-- What you will do --
In your copy, reproduce each entry exactly and leave out the pictures.
>>>>
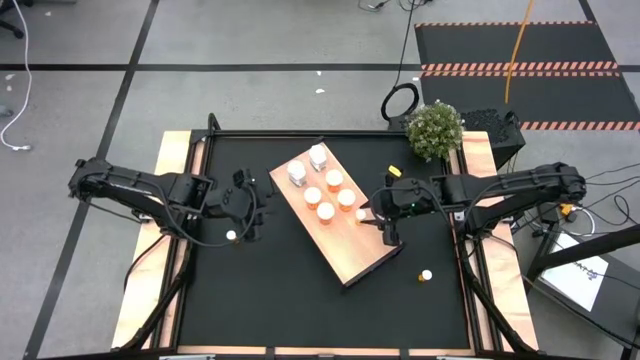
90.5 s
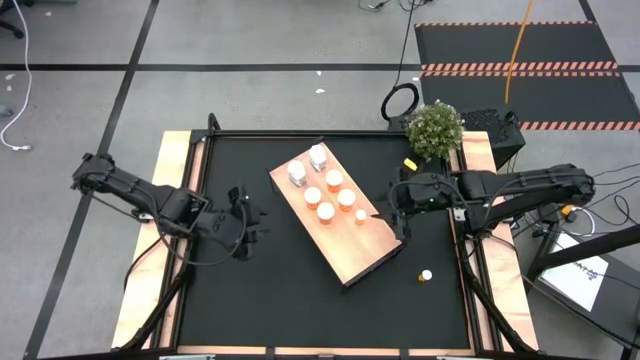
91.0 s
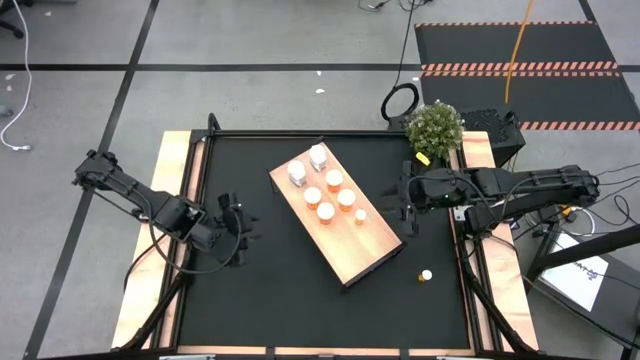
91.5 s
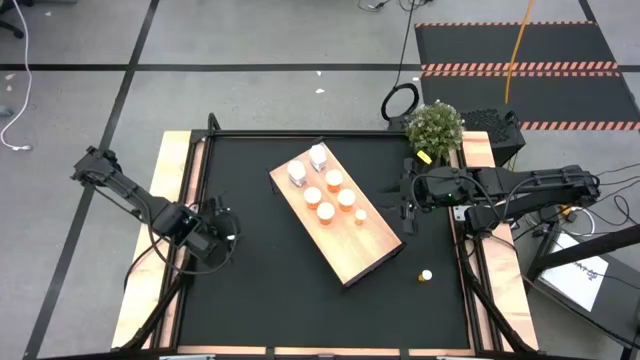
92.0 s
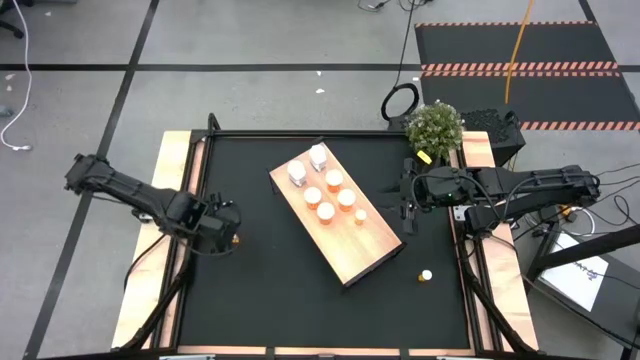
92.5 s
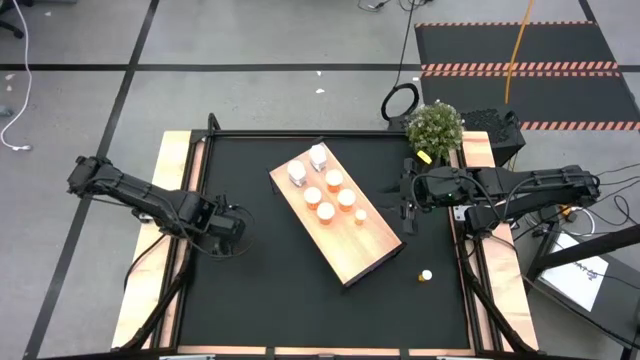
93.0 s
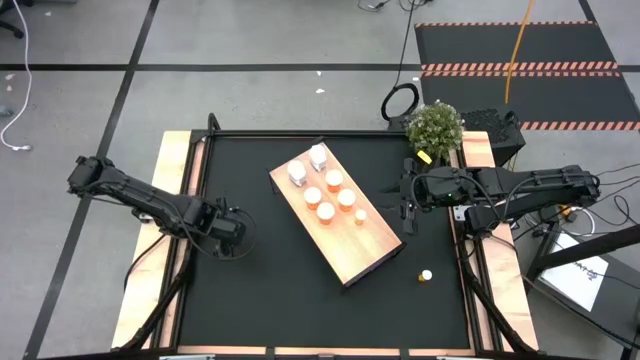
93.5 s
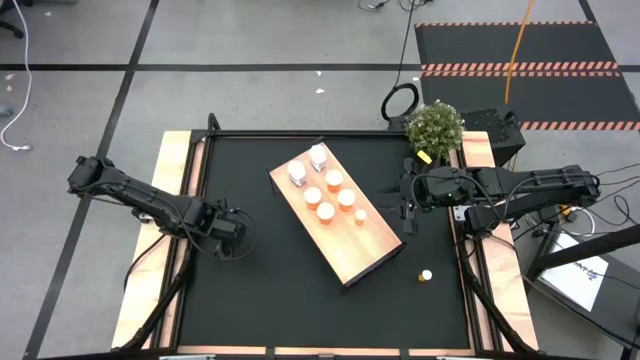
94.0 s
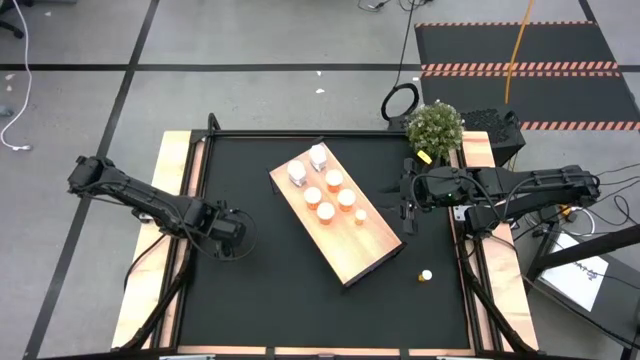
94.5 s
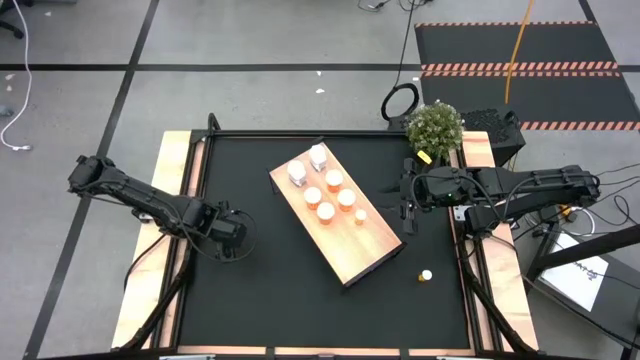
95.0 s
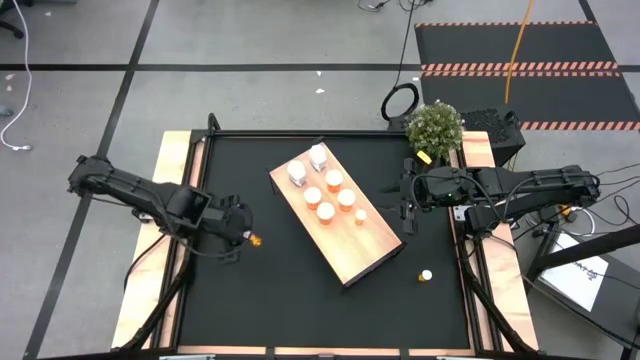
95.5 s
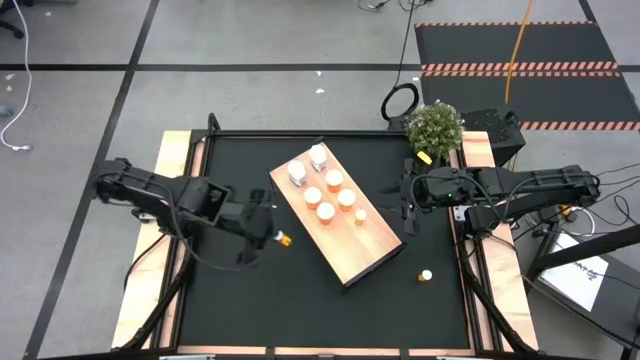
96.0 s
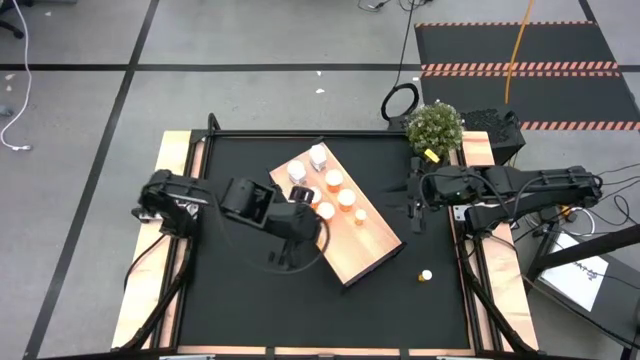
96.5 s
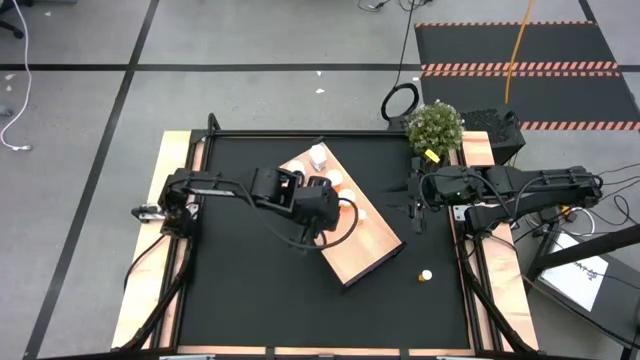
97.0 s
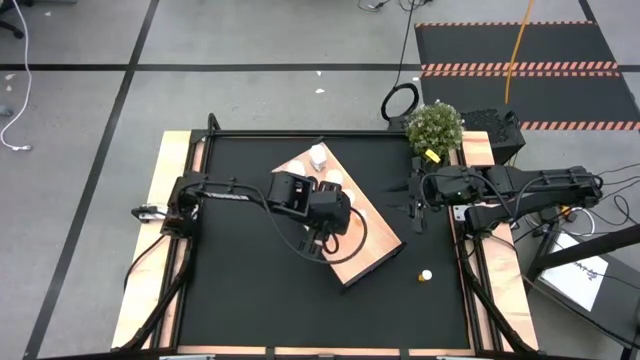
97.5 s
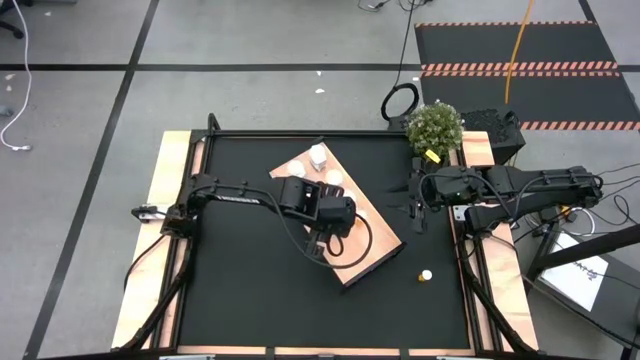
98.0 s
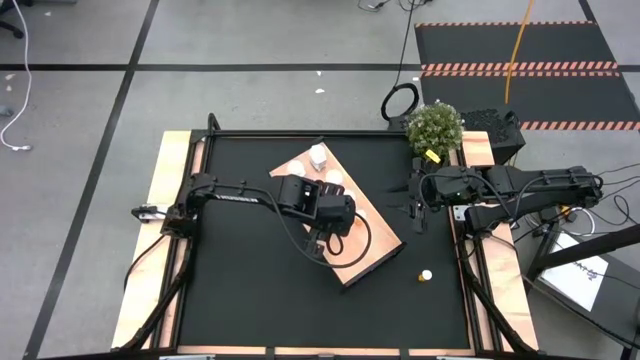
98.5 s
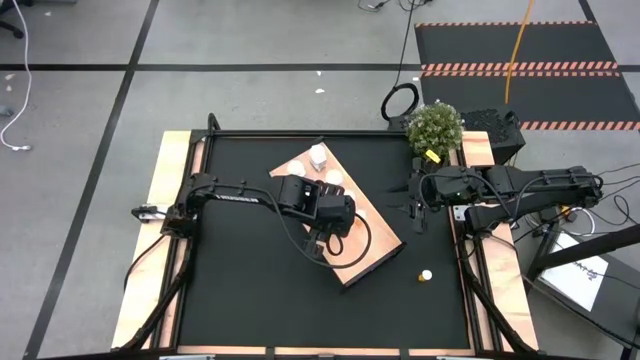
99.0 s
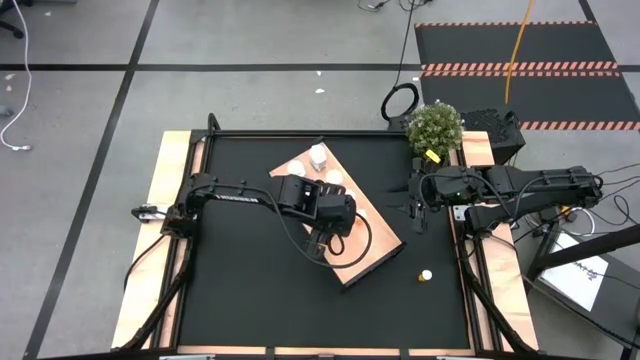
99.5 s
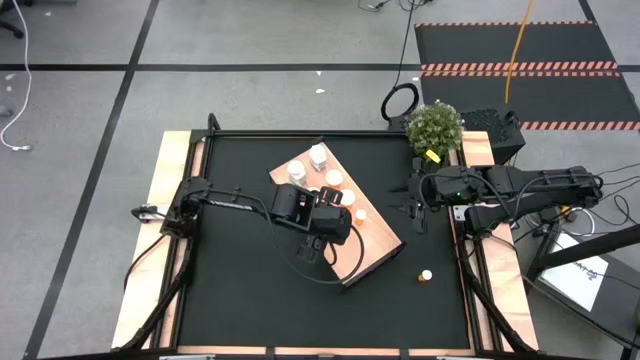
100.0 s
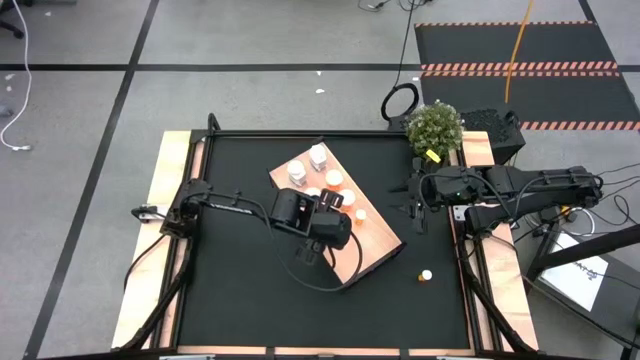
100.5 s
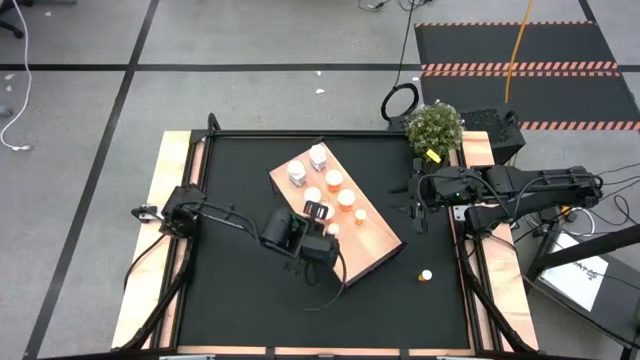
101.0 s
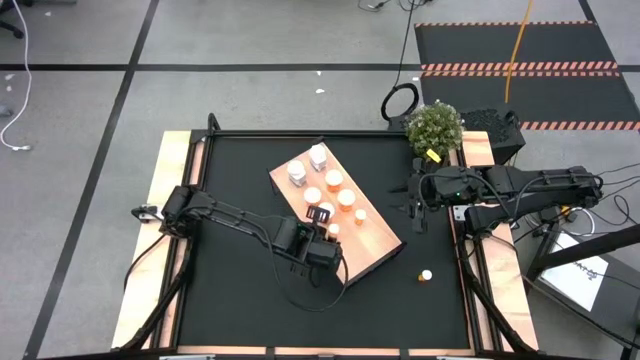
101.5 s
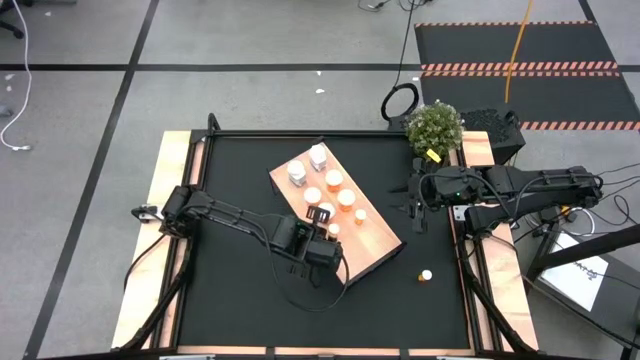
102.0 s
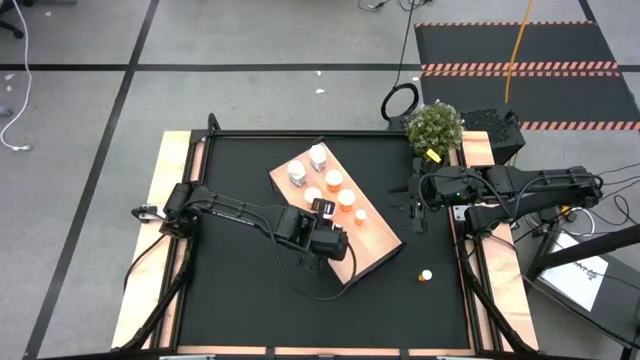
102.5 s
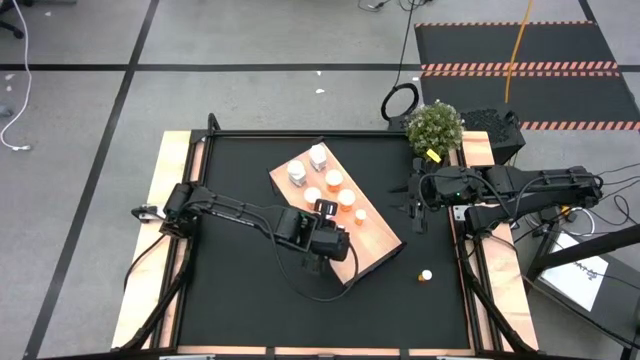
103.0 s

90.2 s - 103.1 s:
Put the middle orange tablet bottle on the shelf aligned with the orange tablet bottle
<<<<
-- Answer below --
90.5 s
91.0 s
91.5 s
92.0 s
92.5 s
93.0 s
93.5 s
94.0 s
94.5 s
95.0 s
95.5 s
96.0 s
96.5 s
97.0 s
97.5 s
98.0 s
98.5 s
99.0 s
99.5 s
100.0 s
100.5 s
101.0 s
101.5 s
102.0 s
102.5 s
103.0 s

90.2 s - 103.1 s:
Put the middle orange tablet bottle on the shelf aligned with the orange tablet bottle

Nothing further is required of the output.